Switching Models Mid-Session

/model google/gemini-3-pro-preview
/model google/gemini-3-flash-preview

/model switches among already-configured providers and models; it does not collect new credentials. Configure Vertex with hermes model first.

Reasoning / Thinking

Vertex exposes Gemini's thinking budget through the OpenAI-compatible surface. Hermes maps its reasoning-effort setting onto extra_body.google.thinking_config automatically, so reasoning_effort works the same way it does on other Gemini surfaces.

Diagnostics

hermes doctor

The doctor reports whether Vertex credentials can be resolved (service-account path or ADC) and whether the provider is configured.

Troubleshooting

"Vertex AI credentials could not be resolved"
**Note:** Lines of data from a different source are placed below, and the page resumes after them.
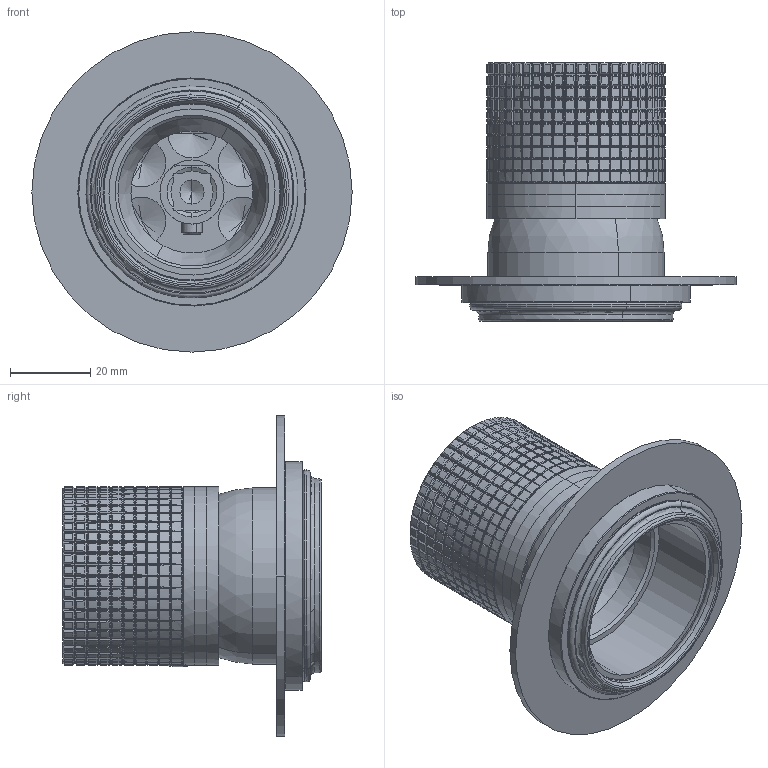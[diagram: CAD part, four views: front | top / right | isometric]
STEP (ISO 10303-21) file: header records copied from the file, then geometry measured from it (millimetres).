
FILE_DESCRIPTION(('CATIA V5 STEP Exchange','CAx-IF Rec.Pracs.--- Model Styling and Organization---1.5--- 2016-08-15','CAx-IF Rec.Pracs.---Supplemental Geometry---1.0---2011-11-01','CAx-IF Rec.Pracs.--- Composite Materials ---3.4---2017-06-13','CAx-IF Rec.Pracs.---Tessellated 3D Geometry---1.0---2015-12-17'),'2;1');
FILE_NAME('X1 00300.stp','2022-09-15T12:50:00+00:00',('none'),('none'),'CATIA Version 5-6 Release 2020 SP2','CATIA V5 STEP AP242 v2','none');
FILE_SCHEMA(('AP242_MANAGED_MODEL_BASED_3D_ENGINEERING_MIM_LF {1 0 10303 442 1 1 4}'));
Products named in the file (9): X1 00300; P47263; P47260; PR98127; P45393; P44110; P42743; P50533; P52184
Assembly tree (8 placements, depth 3):
  X1 00300
    P47263
    P47260
    PR98127
      P45393
      P44110
    P42743
    P50533
    P52184
Bounding box: 80 x 64.6 x 80 mm (x, y, z)
Volume: 45199.1 mm3; surface area: 40045.8 mm2
Topology: 7 solids, 7 shells, 2809 faces, 8864 edges, 6070 vertices
Faces by surface type: plane 910, cone 712, cylinder 553, extrusion 428, torus 192, bspline 10, sphere 4
Entity records: 103627 total; most frequent: CARTESIAN_POINT 41961, ORIENTED_EDGE 17696, EDGE_CURVE 8848, B_SPLINE_CURVE_WITH_KNOTS 6212, VERTEX_POINT 6070, DIRECTION 3938, EDGE_LOOP 2838, ADVANCED_FACE 2809

Hermes found neither a service-account JSON nor working ADC. Either set VERTEX_CREDENTIALS_PATH in ~/.hermes/.env, or run gcloud auth application-default login. If your project isn't embedded in the credentials, set vertex.project_id in config.yaml.

google-auth not installed

Install the extra: pip install 'hermes-agent[vertex]'. Hermes also lazy-installs it the first time you select the Vertex provider.

404 on Gemini 3.x models

You are probably on a regional endpoint. Set region: global in the vertex: section of config.yaml (or unset VERTEX_REGION).

403 / permission denied

The service account (or your ADC identity) needs the roles/aiplatform.user role on the project, and the Vertex AI API must be enabled for that project.